Each entry should be copied as it stands, leaving the pictures behind.

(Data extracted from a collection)

......

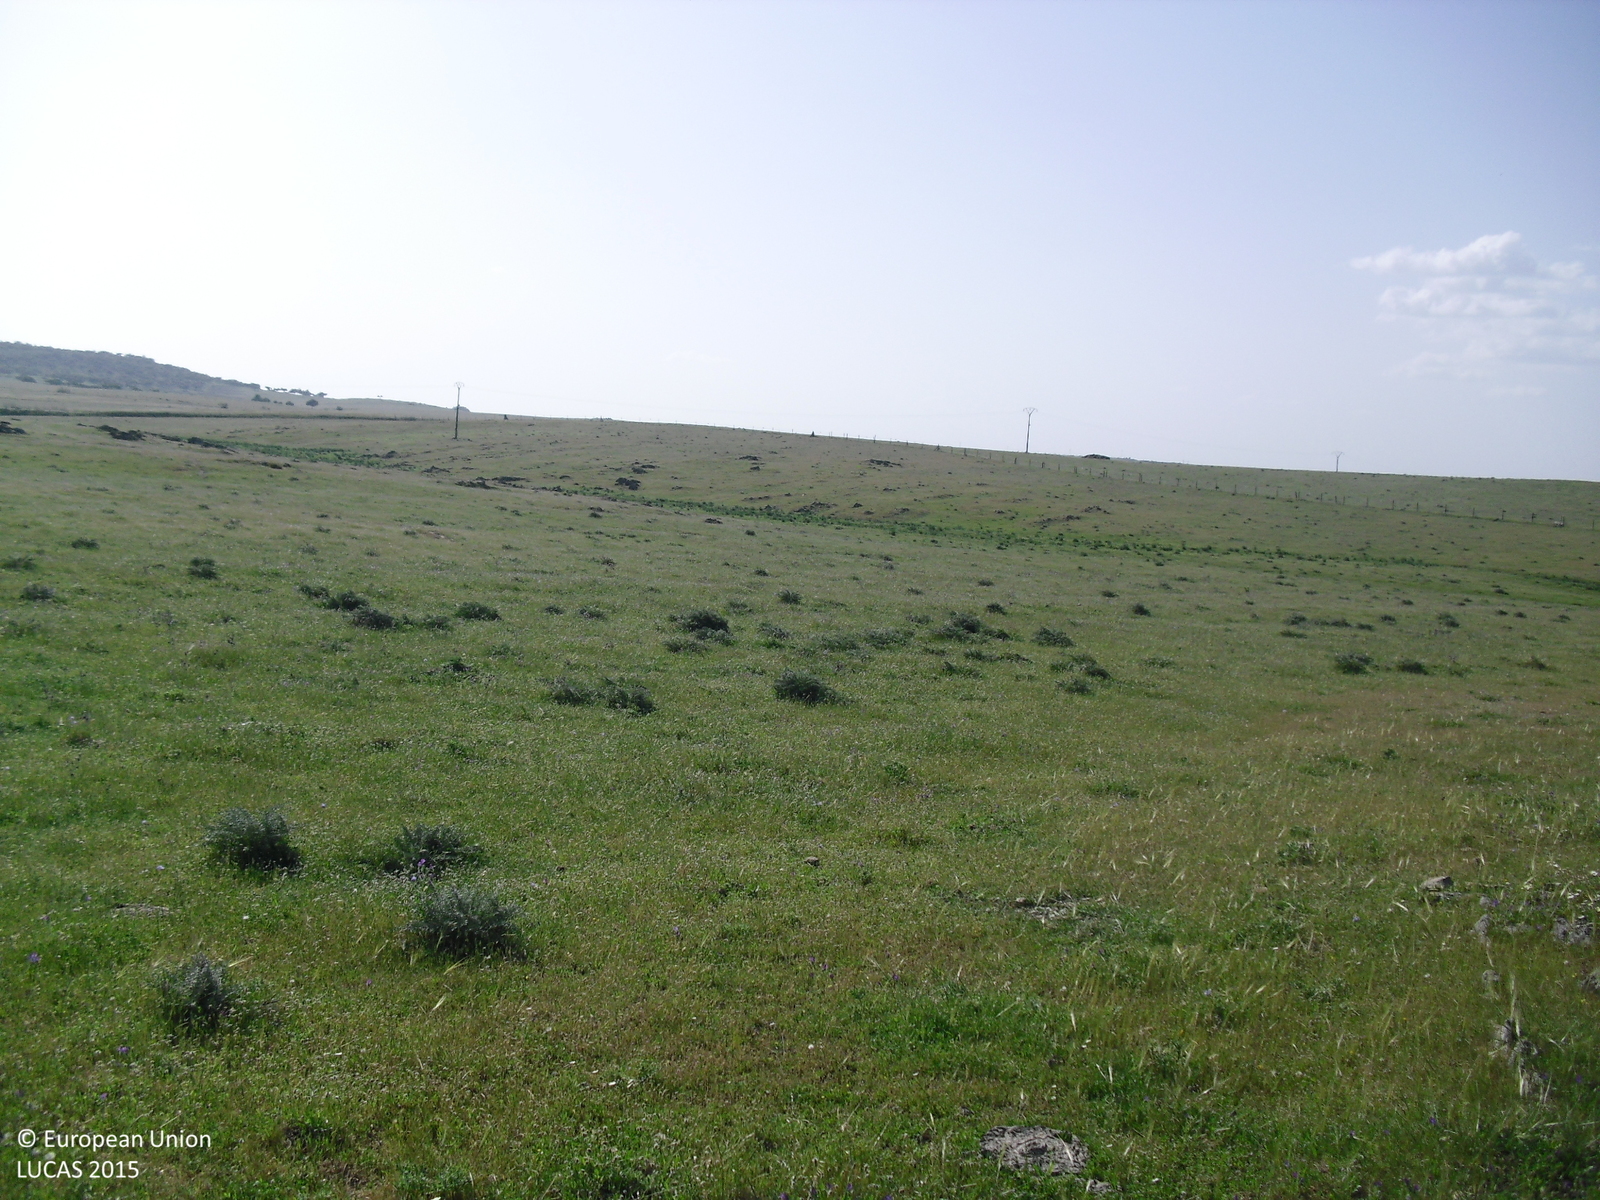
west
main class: Grassland
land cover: Grassland without tree/shrub cover
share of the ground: > 75 %
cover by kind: herbaceous plants 100 %
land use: Agriculture (excluding fallow land and kitchen gardens)
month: April
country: ES
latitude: 39.5054
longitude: -6.3854

......

## ANSWER TO THIS EXERCISE
west
main class: Grassland
land cover: Grassland without tree/shrub cover
share of the ground: > 75 %
cover by kind: herbaceous plants 100 %
land use: Agriculture (excluding fallow land and kitchen gardens)
month: April
country: ES
latitude: 39.5054
longitude: -6.3854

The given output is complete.